▶ **Exercise**: Which of the lines below holds the string "fill"? Copy every line that does.

▶ **Extracted information**:
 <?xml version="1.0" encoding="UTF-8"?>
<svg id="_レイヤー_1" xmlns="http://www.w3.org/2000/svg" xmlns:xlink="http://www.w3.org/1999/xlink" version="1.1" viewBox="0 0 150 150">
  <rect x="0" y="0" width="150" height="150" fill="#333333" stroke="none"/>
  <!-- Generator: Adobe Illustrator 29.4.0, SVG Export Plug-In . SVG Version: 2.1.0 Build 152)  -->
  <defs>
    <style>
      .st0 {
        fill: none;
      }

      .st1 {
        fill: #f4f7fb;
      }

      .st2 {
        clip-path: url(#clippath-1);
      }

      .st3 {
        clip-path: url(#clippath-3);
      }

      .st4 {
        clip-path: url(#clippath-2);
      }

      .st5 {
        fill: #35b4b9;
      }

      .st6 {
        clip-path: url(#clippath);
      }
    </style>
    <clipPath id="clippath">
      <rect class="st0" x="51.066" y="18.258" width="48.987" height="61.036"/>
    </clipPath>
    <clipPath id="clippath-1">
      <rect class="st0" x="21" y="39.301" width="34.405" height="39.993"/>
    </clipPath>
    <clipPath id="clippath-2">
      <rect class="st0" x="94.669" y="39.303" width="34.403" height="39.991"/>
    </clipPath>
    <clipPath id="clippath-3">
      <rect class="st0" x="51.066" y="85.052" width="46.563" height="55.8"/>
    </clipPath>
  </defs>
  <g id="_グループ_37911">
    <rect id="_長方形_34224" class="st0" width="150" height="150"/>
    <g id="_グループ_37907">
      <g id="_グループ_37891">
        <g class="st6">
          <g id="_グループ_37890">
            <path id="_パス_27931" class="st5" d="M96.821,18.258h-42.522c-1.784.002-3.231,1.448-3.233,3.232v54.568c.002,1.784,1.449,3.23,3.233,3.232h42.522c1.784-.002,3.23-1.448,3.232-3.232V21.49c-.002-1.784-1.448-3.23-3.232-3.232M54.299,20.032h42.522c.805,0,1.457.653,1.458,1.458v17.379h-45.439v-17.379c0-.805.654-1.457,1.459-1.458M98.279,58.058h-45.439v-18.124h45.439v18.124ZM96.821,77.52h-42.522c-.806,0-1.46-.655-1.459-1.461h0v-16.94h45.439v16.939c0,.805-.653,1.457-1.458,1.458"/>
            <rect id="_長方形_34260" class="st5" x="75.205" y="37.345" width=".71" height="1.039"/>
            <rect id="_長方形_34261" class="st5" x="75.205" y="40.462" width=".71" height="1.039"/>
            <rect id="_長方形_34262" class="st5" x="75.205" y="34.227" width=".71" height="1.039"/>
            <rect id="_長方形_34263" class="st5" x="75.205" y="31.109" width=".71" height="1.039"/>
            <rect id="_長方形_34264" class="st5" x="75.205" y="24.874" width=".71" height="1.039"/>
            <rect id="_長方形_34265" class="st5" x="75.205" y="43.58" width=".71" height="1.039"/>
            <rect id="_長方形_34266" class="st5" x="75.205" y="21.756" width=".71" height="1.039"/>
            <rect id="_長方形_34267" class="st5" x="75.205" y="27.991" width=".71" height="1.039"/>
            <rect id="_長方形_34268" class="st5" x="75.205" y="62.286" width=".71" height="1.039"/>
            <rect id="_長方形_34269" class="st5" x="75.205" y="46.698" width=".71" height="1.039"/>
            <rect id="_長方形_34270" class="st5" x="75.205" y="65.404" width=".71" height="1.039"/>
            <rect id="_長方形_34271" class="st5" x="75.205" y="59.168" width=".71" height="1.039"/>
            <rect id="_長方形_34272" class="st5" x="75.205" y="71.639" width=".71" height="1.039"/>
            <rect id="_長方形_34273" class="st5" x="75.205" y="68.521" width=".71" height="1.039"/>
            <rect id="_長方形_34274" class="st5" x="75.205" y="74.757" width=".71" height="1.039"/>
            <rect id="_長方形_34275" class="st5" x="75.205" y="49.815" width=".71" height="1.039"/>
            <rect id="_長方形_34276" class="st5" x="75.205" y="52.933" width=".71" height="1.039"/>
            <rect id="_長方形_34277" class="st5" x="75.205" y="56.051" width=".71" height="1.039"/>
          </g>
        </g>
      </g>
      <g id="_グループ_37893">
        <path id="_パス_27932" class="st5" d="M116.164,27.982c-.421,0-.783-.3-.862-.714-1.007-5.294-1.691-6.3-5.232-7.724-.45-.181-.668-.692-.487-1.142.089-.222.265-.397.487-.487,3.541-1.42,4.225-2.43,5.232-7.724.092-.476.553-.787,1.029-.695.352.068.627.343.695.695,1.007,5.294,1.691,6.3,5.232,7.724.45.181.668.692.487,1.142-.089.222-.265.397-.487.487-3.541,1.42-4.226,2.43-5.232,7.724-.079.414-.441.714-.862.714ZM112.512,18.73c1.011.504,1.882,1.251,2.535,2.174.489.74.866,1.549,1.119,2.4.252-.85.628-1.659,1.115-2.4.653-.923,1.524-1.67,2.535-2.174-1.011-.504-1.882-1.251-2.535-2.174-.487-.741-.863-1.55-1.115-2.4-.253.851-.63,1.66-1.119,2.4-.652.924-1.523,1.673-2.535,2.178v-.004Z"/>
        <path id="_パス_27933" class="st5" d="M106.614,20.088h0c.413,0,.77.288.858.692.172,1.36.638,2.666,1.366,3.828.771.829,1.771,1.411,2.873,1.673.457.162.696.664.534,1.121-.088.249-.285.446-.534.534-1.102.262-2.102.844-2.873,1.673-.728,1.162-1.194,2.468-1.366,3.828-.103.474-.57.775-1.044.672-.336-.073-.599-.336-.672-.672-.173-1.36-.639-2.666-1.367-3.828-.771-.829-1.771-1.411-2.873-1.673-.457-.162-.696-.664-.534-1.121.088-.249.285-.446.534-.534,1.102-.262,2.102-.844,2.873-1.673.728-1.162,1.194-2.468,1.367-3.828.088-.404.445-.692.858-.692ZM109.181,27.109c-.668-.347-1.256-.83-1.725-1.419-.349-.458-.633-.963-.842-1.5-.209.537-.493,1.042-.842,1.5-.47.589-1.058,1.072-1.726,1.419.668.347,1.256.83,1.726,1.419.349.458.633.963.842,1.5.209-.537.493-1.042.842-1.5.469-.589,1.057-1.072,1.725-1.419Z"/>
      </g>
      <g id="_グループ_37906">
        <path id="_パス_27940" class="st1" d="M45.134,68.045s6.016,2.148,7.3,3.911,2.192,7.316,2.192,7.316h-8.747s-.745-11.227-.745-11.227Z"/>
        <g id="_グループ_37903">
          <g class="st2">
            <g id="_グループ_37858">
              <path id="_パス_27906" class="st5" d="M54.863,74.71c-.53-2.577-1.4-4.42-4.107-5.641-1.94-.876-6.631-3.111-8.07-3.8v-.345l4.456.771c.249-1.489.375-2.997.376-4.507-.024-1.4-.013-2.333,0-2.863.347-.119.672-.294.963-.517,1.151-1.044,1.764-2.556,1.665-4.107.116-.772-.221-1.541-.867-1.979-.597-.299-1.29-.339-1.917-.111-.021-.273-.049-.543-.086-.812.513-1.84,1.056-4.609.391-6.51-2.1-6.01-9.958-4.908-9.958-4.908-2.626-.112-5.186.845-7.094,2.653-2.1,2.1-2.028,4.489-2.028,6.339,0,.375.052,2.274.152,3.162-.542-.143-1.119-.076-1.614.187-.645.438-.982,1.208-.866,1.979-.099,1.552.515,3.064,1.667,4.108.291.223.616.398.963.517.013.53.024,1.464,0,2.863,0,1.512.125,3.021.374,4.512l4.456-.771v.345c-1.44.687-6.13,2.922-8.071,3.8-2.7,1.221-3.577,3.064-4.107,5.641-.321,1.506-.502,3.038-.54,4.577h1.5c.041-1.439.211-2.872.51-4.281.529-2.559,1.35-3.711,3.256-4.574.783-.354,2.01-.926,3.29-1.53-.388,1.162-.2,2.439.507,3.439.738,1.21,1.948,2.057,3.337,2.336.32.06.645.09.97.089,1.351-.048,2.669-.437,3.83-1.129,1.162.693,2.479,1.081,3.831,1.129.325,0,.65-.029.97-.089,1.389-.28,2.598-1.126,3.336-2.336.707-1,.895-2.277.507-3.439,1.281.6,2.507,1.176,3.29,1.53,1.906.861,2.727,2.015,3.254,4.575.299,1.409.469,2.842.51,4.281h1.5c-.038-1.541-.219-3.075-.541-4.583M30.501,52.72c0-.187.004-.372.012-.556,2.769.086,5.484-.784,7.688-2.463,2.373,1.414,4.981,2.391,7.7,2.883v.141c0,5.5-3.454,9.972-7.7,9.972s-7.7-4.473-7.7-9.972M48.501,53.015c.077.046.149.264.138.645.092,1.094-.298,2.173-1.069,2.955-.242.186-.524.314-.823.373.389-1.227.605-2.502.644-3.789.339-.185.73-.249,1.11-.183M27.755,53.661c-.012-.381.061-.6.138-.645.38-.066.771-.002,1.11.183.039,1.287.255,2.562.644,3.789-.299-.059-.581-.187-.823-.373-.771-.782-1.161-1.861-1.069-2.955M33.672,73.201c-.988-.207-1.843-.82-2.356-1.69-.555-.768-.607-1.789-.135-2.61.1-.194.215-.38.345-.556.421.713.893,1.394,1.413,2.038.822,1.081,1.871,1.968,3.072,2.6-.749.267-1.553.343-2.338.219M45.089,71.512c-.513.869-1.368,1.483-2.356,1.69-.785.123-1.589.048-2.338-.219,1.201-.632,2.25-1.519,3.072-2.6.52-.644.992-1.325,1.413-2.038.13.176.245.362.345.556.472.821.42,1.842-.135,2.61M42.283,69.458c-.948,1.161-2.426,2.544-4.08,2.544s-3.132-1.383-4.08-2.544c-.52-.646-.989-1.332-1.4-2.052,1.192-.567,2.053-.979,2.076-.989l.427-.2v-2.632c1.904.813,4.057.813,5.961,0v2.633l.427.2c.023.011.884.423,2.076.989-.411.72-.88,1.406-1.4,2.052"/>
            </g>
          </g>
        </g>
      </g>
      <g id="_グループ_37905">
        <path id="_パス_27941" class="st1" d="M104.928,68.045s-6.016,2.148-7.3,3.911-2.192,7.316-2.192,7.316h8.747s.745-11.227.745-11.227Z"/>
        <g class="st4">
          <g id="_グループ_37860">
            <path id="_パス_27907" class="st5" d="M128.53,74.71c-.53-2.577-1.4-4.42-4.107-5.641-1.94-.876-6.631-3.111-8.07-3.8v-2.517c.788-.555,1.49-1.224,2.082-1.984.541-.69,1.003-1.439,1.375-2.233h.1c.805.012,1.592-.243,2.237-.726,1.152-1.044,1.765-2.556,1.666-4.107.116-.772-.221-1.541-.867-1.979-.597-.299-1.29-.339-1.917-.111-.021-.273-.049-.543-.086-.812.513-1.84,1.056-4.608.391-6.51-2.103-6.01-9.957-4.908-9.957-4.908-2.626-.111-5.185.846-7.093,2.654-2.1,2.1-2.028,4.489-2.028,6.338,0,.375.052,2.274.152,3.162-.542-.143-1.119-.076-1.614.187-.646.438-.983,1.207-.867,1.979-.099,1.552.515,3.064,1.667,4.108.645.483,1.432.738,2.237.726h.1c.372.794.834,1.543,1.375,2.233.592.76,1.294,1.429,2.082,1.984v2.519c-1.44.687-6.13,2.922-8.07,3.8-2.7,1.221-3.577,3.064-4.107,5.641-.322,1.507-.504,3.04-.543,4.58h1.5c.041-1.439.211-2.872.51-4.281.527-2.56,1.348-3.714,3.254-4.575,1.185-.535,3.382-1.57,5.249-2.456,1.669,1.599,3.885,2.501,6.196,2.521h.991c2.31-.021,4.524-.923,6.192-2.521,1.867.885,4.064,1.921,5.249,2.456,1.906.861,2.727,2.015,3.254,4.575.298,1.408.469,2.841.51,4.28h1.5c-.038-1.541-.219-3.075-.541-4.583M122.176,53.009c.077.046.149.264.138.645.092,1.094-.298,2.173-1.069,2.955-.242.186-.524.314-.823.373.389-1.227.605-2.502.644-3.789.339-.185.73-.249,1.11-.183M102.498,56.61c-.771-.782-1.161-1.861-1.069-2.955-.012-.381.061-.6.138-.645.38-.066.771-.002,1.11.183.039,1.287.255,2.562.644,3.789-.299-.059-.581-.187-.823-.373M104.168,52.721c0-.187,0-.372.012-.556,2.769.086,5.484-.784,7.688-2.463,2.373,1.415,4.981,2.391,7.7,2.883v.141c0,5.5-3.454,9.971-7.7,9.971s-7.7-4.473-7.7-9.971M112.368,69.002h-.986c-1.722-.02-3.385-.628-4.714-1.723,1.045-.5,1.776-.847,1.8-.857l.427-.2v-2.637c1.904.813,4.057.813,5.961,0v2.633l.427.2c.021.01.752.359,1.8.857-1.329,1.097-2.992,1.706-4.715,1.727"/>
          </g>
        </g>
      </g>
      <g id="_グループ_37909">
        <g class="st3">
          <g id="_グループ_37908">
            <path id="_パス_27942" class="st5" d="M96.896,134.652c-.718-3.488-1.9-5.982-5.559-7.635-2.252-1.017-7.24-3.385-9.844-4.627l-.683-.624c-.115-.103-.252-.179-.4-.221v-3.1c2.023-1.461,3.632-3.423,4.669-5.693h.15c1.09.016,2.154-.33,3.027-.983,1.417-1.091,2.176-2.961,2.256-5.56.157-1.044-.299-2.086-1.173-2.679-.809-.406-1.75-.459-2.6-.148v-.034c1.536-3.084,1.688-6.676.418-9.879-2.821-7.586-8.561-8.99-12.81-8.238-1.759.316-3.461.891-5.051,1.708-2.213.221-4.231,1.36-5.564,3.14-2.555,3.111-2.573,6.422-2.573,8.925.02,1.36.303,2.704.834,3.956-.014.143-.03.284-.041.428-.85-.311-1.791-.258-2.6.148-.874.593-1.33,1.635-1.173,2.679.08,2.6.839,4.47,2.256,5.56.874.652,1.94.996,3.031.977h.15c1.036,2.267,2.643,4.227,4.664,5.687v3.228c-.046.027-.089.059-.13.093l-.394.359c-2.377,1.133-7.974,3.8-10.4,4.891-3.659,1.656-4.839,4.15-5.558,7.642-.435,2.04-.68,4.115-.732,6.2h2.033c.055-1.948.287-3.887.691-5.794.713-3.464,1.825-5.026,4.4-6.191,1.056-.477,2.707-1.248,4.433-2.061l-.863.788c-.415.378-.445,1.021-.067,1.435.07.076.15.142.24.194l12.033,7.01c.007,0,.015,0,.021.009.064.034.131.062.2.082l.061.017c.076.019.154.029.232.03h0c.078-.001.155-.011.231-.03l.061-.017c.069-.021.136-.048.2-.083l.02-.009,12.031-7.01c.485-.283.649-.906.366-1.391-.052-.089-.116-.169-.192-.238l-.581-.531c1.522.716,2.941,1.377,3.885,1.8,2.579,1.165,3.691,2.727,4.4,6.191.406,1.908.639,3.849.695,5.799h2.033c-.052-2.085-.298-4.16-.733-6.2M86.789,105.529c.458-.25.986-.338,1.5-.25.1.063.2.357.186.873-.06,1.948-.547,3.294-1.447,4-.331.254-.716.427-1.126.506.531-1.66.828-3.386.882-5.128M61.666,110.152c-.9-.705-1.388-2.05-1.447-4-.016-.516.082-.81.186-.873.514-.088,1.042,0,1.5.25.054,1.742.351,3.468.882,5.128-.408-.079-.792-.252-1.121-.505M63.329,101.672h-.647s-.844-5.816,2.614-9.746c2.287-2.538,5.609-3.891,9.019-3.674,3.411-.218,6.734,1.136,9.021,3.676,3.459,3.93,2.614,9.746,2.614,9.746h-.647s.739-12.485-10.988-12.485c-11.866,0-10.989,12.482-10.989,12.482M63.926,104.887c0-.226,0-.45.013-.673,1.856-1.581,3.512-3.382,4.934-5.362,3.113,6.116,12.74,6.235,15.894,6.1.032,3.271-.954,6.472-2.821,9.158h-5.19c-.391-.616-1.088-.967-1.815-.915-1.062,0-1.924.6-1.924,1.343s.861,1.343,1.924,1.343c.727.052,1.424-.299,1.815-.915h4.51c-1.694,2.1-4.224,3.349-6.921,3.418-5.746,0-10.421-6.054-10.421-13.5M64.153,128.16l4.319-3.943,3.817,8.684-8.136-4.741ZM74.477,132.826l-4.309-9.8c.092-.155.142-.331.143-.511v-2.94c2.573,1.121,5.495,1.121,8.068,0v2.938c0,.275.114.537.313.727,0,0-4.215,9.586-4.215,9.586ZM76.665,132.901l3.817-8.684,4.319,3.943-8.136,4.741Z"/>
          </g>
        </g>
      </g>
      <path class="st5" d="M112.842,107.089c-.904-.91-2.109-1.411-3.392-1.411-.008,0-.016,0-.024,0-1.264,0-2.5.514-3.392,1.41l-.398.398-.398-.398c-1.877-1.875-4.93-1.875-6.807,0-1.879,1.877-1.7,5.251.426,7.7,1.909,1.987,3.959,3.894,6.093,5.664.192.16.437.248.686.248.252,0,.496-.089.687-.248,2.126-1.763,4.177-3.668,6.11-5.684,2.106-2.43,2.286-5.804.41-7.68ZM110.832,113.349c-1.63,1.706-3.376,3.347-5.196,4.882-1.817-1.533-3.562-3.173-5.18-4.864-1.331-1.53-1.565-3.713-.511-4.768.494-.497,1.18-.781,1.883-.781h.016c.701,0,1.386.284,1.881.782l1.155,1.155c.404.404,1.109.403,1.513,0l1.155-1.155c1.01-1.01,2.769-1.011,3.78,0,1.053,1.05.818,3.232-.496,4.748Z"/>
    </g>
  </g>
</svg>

▶ **The answer**:
  <rect x="0" y="0" width="150" height="150" fill="#333333" stroke="none"/>
        fill: none;
        fill: #f4f7fb;
        fill: #35b4b9;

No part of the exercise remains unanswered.